60歳おじさんの旅が始まる
60歳おじさんの旅が始まる
(所は変わり主人公であるおじさん美容師は)
12月になりこれから忙しい冬が来る購入した宝くじが当たるのもこの月のはず、今のところワクワクしながら待ち続けているが。
まあ時代が違うだけならば可能性はあるが夢に見た世界が異世界だった場合まったくの無駄に終わる。
月々数百円から買えるお楽しみなのでそんなに期待はしないが、うまく行けば老後は安泰だ。
午前中は掃除や洗濯をし、散らかった部屋の片付けをしておいた。
午後からは駅前の銀行で各種振込みを済ませお楽しみである宝くじを購入、今日の予定もこの後はいつも行くスーパーマーケットで夕御飯の買い物だ。
いつも決まっているメニューは豆腐と納豆それからメカブ、最近増えたのが鳥のレバー実はレバーに含まれる鉄分やビタミン類が足りないと神経伝達速度が遅くなり歳をとると脳の働きに支障をきたすと言う。

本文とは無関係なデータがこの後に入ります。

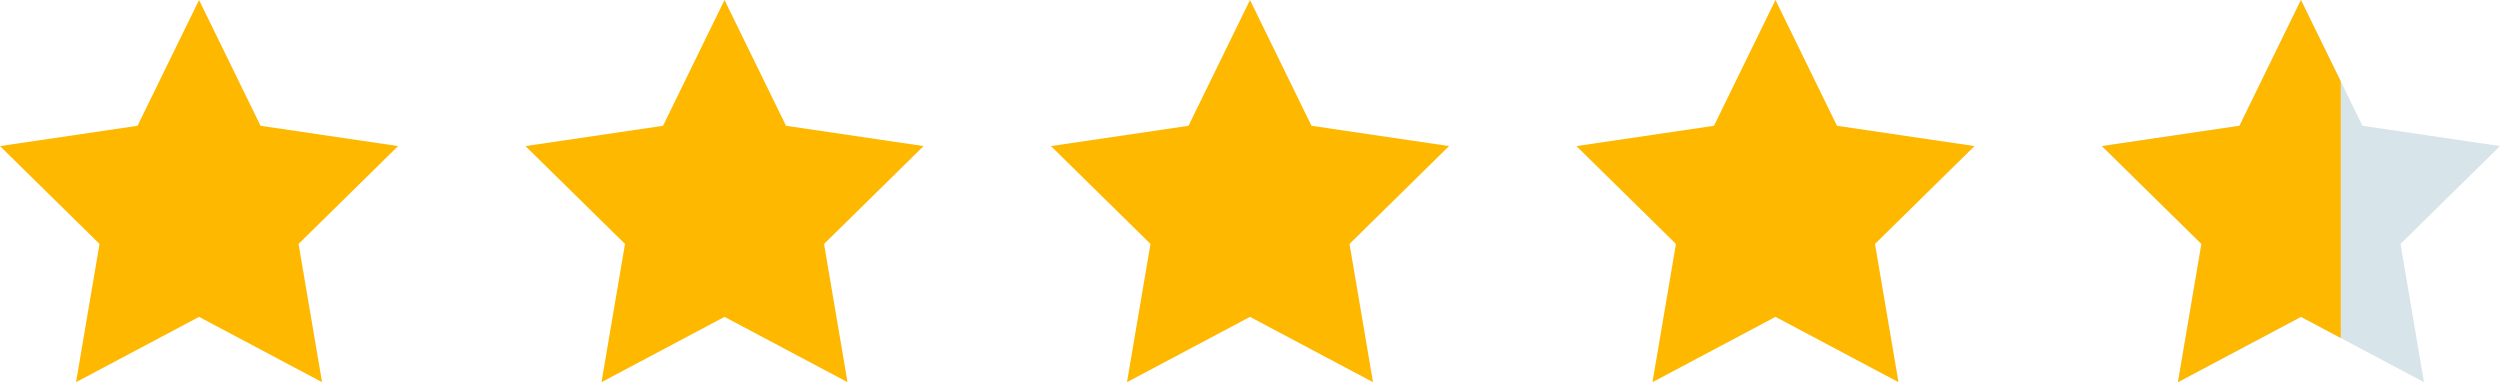<?xml version="1.0" encoding="UTF-8"?> <svg xmlns="http://www.w3.org/2000/svg" width="157" height="24" viewBox="0 0 157 24" fill="none"> <path d="M12.5 0L16.363 7.899L25 9.174L18.75 15.319L20.225 24L12.5 19.899L4.775 24L6.25 15.319L0 9.174L8.637 7.899L12.5 0Z" fill="#FFB800"></path> <path d="M45.5 0L49.362 7.899L58 9.174L51.75 15.319L53.225 24L45.5 19.899L37.775 24L39.25 15.319L33 9.174L41.638 7.899L45.5 0Z" fill="#FFB800"></path> <path d="M78.5 0L82.362 7.899L91 9.174L84.75 15.319L86.225 24L78.5 19.899L70.775 24L72.25 15.319L66 9.174L74.638 7.899L78.5 0Z" fill="#FFB800"></path> <path d="M111.5 0L115.363 7.899L124 9.174L117.75 15.319L119.225 24L111.5 19.899L103.775 24L105.25 15.319L99 9.174L107.637 7.899L111.5 0Z" fill="#FFB800"></path> <path d="M144.5 0L148.362 7.899L157 9.174L150.75 15.319L152.225 24L144.5 19.899L136.775 24L138.25 15.319L132 9.174L140.637 7.899L144.5 0Z" fill="#D7E4EA"></path> <g clip-path="url(#clip0_3649_8228)"> <path d="M144.5 0L148.362 7.899L157 9.174L150.75 15.319L152.225 24L144.5 19.899L136.775 24L138.25 15.319L132 9.174L140.637 7.899L144.5 0Z" fill="#FFB800"></path> </g> <defs> <clipPath id="clip0_3649_8228"> <rect width="17" height="24" fill="white" transform="translate(130)"></rect> </clipPath> </defs> </svg> 
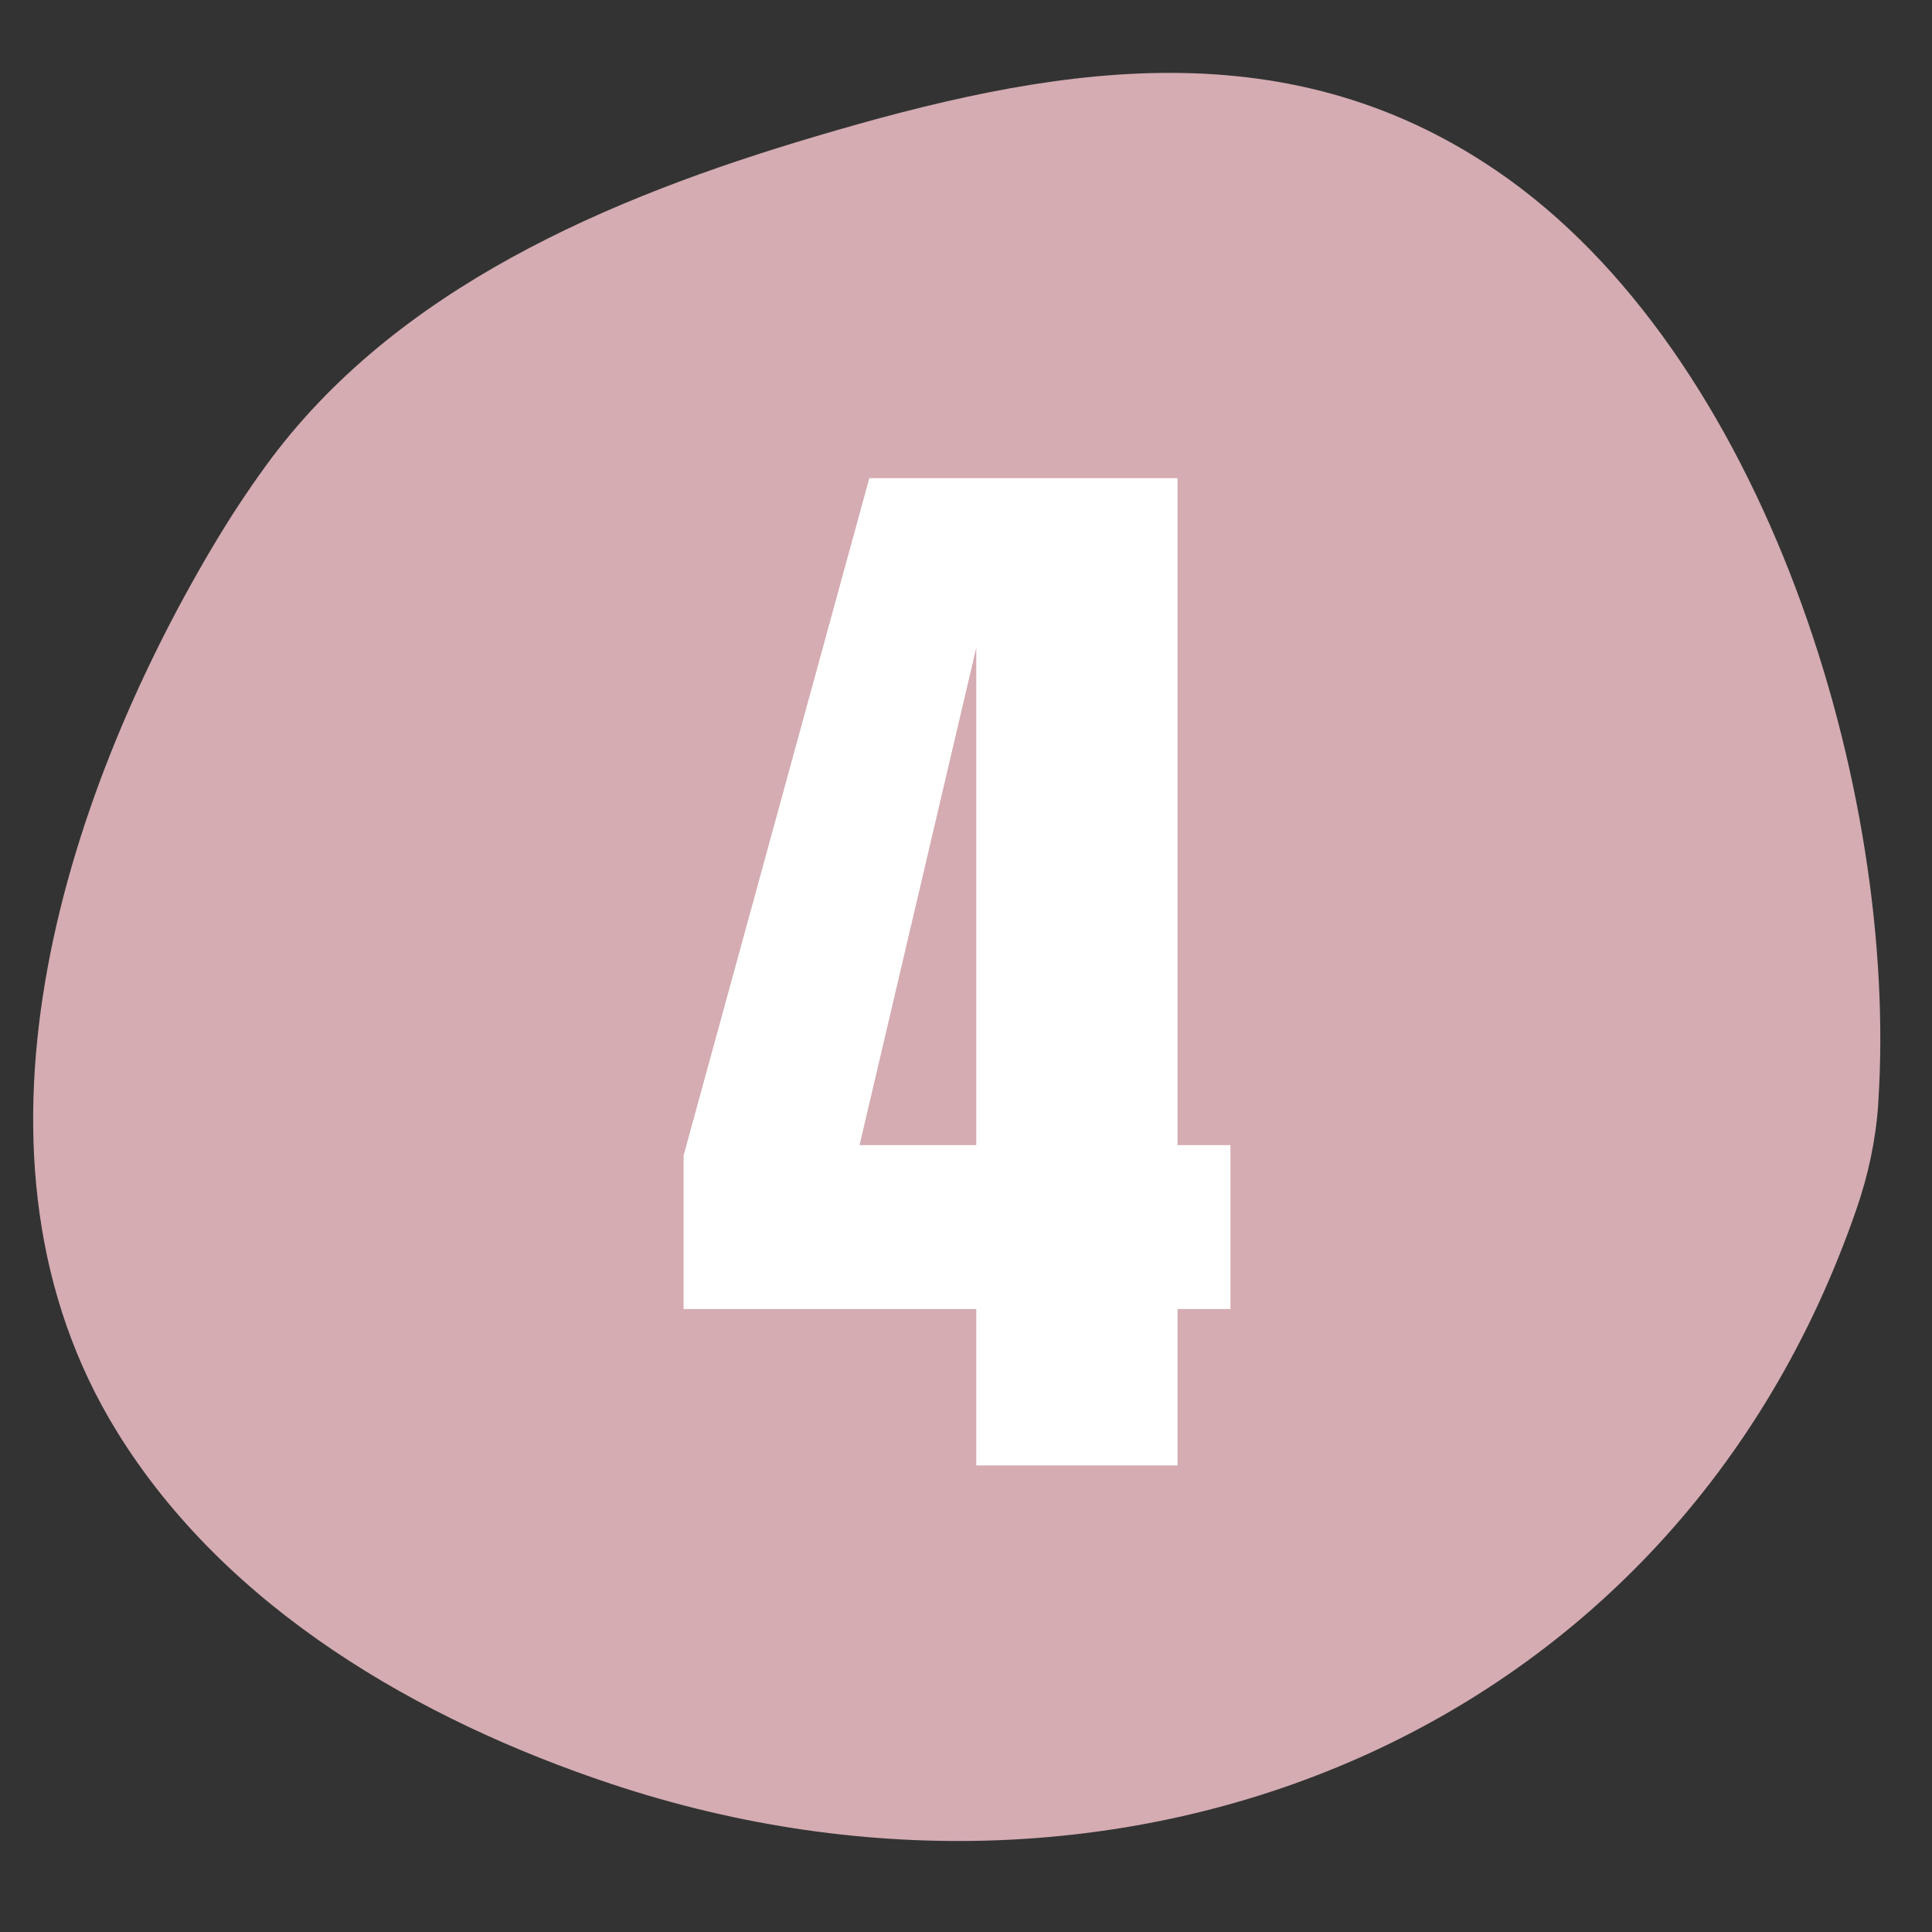 <svg xmlns="http://www.w3.org/2000/svg" xmlns:xlink="http://www.w3.org/1999/xlink" width="70" viewBox="0 0 52.5 52.5" height="70" preserveAspectRatio="xMidYMid meet"><rect x="0" y="0" width="52.5" height="52.5" fill="#333333" stroke="none"/><defs><g></g><clipPath id="a88036f86f"><path d="M 0.902 1.98 L 51.098 1.98 L 51.098 50.027 L 0.902 50.027 Z M 0.902 1.98 " clip-rule="nonzero"></path></clipPath></defs><g clip-path="url(#a88036f86f)"><path fill="#d4acb2" d="M 51.039 30 C 50.973 30.977 50.766 31.938 50.445 32.863 C 45.5 47.191 30.551 53.109 16.621 48.48 C 11.387 46.738 6.145 43.711 3.18 38.906 C -1.406 31.48 1.688 21.742 5.789 14.84 C 6.234 14.09 6.711 13.363 7.219 12.664 C 10.738 7.82 16.586 5.359 22.148 3.711 C 28.438 1.844 34.816 0.66 40.652 4.629 C 47.945 9.586 51.602 21.465 51.039 29.977 C 51.039 29.984 51.039 29.992 51.039 30 " fill-opacity="1" fill-rule="nonzero"></path></g><g fill="#ffffff" fill-opacity="1"><g transform="translate(18.295, 39.821)"><g><path d="M 8.234 0 L 8.234 -4.25 L 0.281 -4.25 L 0.281 -8.422 L 5.328 -26.828 L 13.703 -26.828 L 13.703 -8.703 L 15.141 -8.703 L 15.141 -4.25 L 13.703 -4.25 L 13.703 0 Z M 5.062 -8.703 L 8.234 -8.703 L 8.234 -22.219 Z M 5.062 -8.703 "></path></g></g></g></svg>

独り身の状態ではそこまで栄養を考えることもなかったので、放っておいたのがまずかったのか最近神経痛がひどく腕の上げ下げだけで痛みが走る、ビタミン類もかなり足りていない。
気功術で少しは楽に過ごせるが、そろそろ仕事を止めて田舎暮らしをしようか、とも考えることが多くなってきた。
(宝くじが当たったら田舎に別荘でも買おうか…そんな空想ばかり考える)
今日は娘が家に遊びに来ると言うので夕食と酒のつまみをスーパーマーケットで買うことにした。
アパートに帰ると買い置きの冷凍食品や、今日買ってきた野菜を調理し食事の用意を始める、御飯はすでに炊いてあるのでおかずが足りない場合はレトルトもあるしまあ大丈夫だろう。
娘は今年28歳になり現在は医療関係の事務員として働いているが、なかなかいい男がいないと嘆いていた。
(お前みたいな我儘な娘と付き合う物好きは居ないだろう)
と会うたび俺に性格を指摘されるせいか妻が死んでからは訪れることも少なくなった。
今どきの若者は我儘に育っている場合が多く我儘同士ではうまく行くはずもない、恋愛や結婚は妥協や忍耐そして努力だ、数十年の結婚生活で得た教訓が今でも俺を支えている。
愛情や幸せは一握りのスパイスでしかない、俺は幸せだったと思うよ今でもね。
(お 娘が来た)
「パパ久しぶり」
娘と久々に昔の話しをし、これからの事や彼女の仕事の話などを聞きながら、酒を飲み味の濃い料理に文句を言われ。
思い出の写真を見ながら久々に1人じゃない夜を過ごす、娘はここからそれほど離れていないアパートに住んでいる。
夜遅くまで酒を飲んでも近ければ心配をしなくて済む、秘蔵のワインまで開けて久々の贅沢を味わった。
そして娘が帰った後、片付けながら残ったワインを飲み干すと、ソファに腰かけ開いてあった昔の写真をモニターに写し酒の肴にする。
妻は約2年戦った、膀胱がんだった最初の手術はうまく行ったが約1年後再発、他の臓器への転移が見つかりその後は急激に体調が悪くなるとあっという間にこの世を去った。
(またよくなったら旅行に行こうね…最後の言葉が幾度となく頭をよぎる)
今日は飲みすぎたか…目をつぶるとそのまま俺はソファで眠りについた。